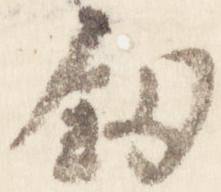
剣
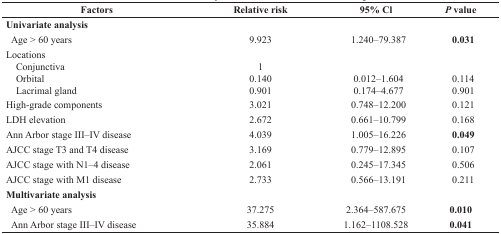
<table><thead><tr><td><b>Factors</b></td><td><b>Relative risk</b></td><td><b>95% Cl</b></td><td><b><i>P</i> value</b></td></tr></thead><tbody><tr><td><b>Univariate analysis</b></td><td></td><td></td><td></td></tr><tr><td> Age &gt; 60 years</td><td>9.923</td><td>1.240–79.387</td><td><b>0.031</b></td></tr><tr><td>Locations</td><td></td><td></td><td></td></tr><tr><td> Conjunctiva</td><td>1</td><td></td><td></td></tr><tr><td> Orbital</td><td>0.140</td><td>0.012–1.604</td><td>0.114</td></tr><tr><td> Lacrimal gland</td><td>0.901</td><td>0.174–4.677</td><td>0.901</td></tr><tr><td>High-grade components</td><td>3.021</td><td>0.748–12.200</td><td>0.121</td></tr><tr><td>LDH elevation</td><td>2.672</td><td>0.661–10.799</td><td>0.168</td></tr><tr><td>Ann Arbor stage III–IV disease</td><td>4.039</td><td>1.005–16.226</td><td><b>0.049</b></td></tr><tr><td>AJCC stage T3 and T4 disease</td><td>3.169</td><td>0.779–12.895</td><td>0.107</td></tr><tr><td>AJCC stage with N1–4 disease</td><td>2.061</td><td>0.245–17.345</td><td>0.506</td></tr><tr><td>AJCC stage with M1 disease</td><td>2.733</td><td>0.566–13.191</td><td>0.211</td></tr><tr><td><b>Multivariate analysis</b></td><td></td><td></td><td></td></tr><tr><td> Age &gt; 60 years</td><td>37.275</td><td>2.364–587.675</td><td><b>0.010</b></td></tr><tr><td> Ann Arbor stage III–IV disease</td><td>35.884</td><td>1.162–1108.528</td><td><b>0.041</b></td></tr></tbody></table>
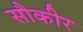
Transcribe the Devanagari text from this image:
सौकीर
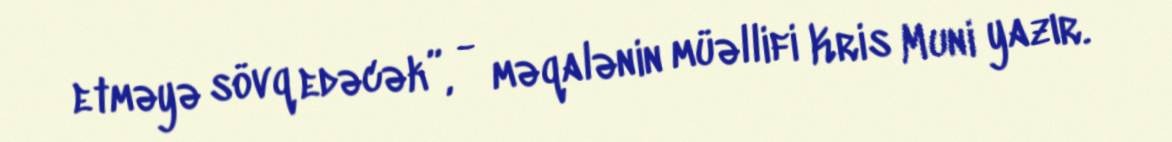
etməyə sövq edəcək”, - məqalənin müəllifi Kris Muni yazır.
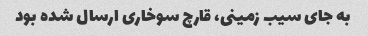
به جای سیب زمینی، قارچ سوخاری ارسال شده بود
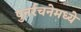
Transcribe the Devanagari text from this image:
पुनर्रचनेमध्ये
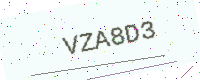
Text: VZA8D3
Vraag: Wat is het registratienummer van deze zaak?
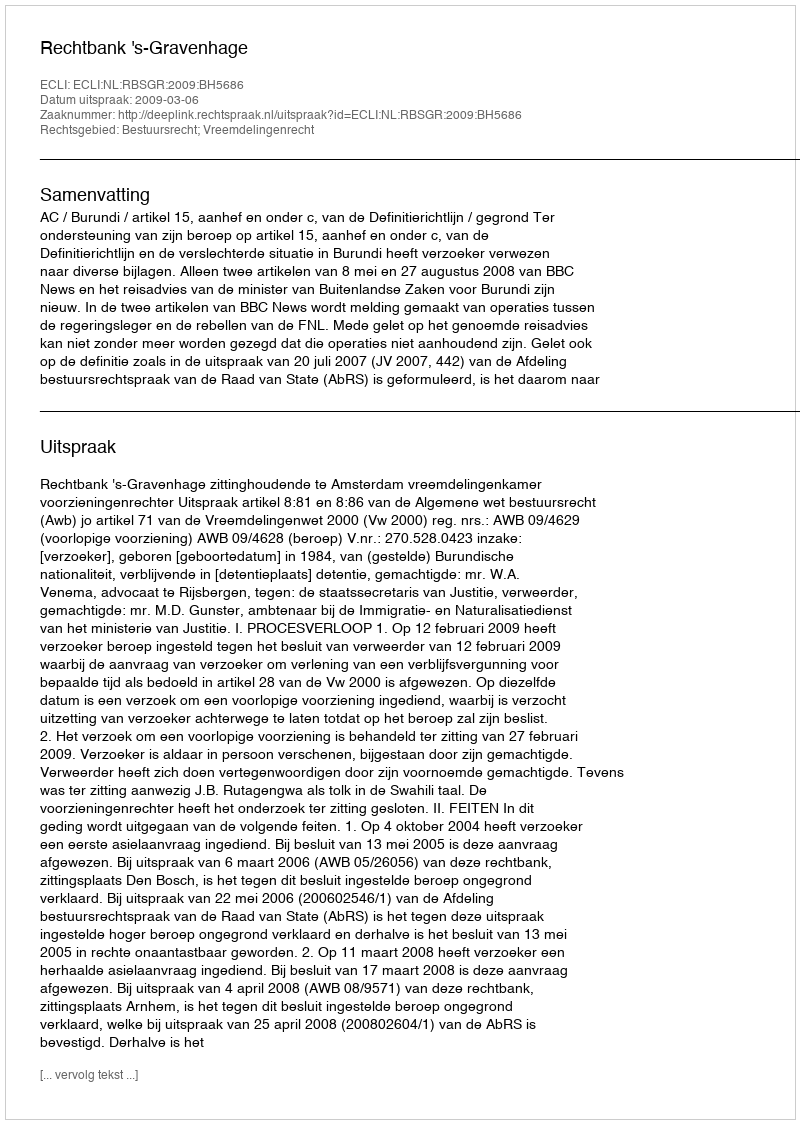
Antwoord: http://deeplink.rechtspraak.nl/uitspraak?id=ECLI:NL:RBSGR:2009:BH5686
━━━━
- Requirement -
Your job is to transcribe the records exactly and in full. Pictures are not part of the copy.

- Response area -
剣
<table><thead><tr><td><b>Factors</b></td><td><b>Relative risk</b></td><td><b>95% Cl</b></td><td><b><i>P</i> value</b></td></tr></thead><tbody><tr><td><b>Univariate analysis</b></td><td></td><td></td><td></td></tr><tr><td> Age &gt; 60 years</td><td>9.923</td><td>1.240–79.387</td><td><b>0.031</b></td></tr><tr><td>Locations</td><td></td><td></td><td></td></tr><tr><td> Conjunctiva</td><td>1</td><td></td><td></td></tr><tr><td> Orbital</td><td>0.140</td><td>0.012–1.604</td><td>0.114</td></tr><tr><td> Lacrimal gland</td><td>0.901</td><td>0.174–4.677</td><td>0.901</td></tr><tr><td>High-grade components</td><td>3.021</td><td>0.748–12.200</td><td>0.121</td></tr><tr><td>LDH elevation</td><td>2.672</td><td>0.661–10.799</td><td>0.168</td></tr><tr><td>Ann Arbor stage III–IV disease</td><td>4.039</td><td>1.005–16.226</td><td><b>0.049</b></td></tr><tr><td>AJCC stage T3 and T4 disease</td><td>3.169</td><td>0.779–12.895</td><td>0.107</td></tr><tr><td>AJCC stage with N1–4 disease</td><td>2.061</td><td>0.245–17.345</td><td>0.506</td></tr><tr><td>AJCC stage with M1 disease</td><td>2.733</td><td>0.566–13.191</td><td>0.211</td></tr><tr><td><b>Multivariate analysis</b></td><td></td><td></td><td></td></tr><tr><td> Age &gt; 60 years</td><td>37.275</td><td>2.364–587.675</td><td><b>0.010</b></td></tr><tr><td> Ann Arbor stage III–IV disease</td><td>35.884</td><td>1.162–1108.528</td><td><b>0.041</b></td></tr></tbody></table>
Transcribe the Devanagari text from this image:
सौकीर
etməyə sövq edəcək”, - məqalənin müəllifi Kris Muni yazır.
به جای سیب زمینی، قارچ سوخاری ارسال شده بود
Transcribe the Devanagari text from this image:
पुनर्रचनेमध्ये
Text: VZA8D3
Vraag: Wat is het registratienummer van deze zaak?
Antwoord: http://deeplink.rechtspraak.nl/uitspraak?id=ECLI:NL:RBSGR:2009:BH5686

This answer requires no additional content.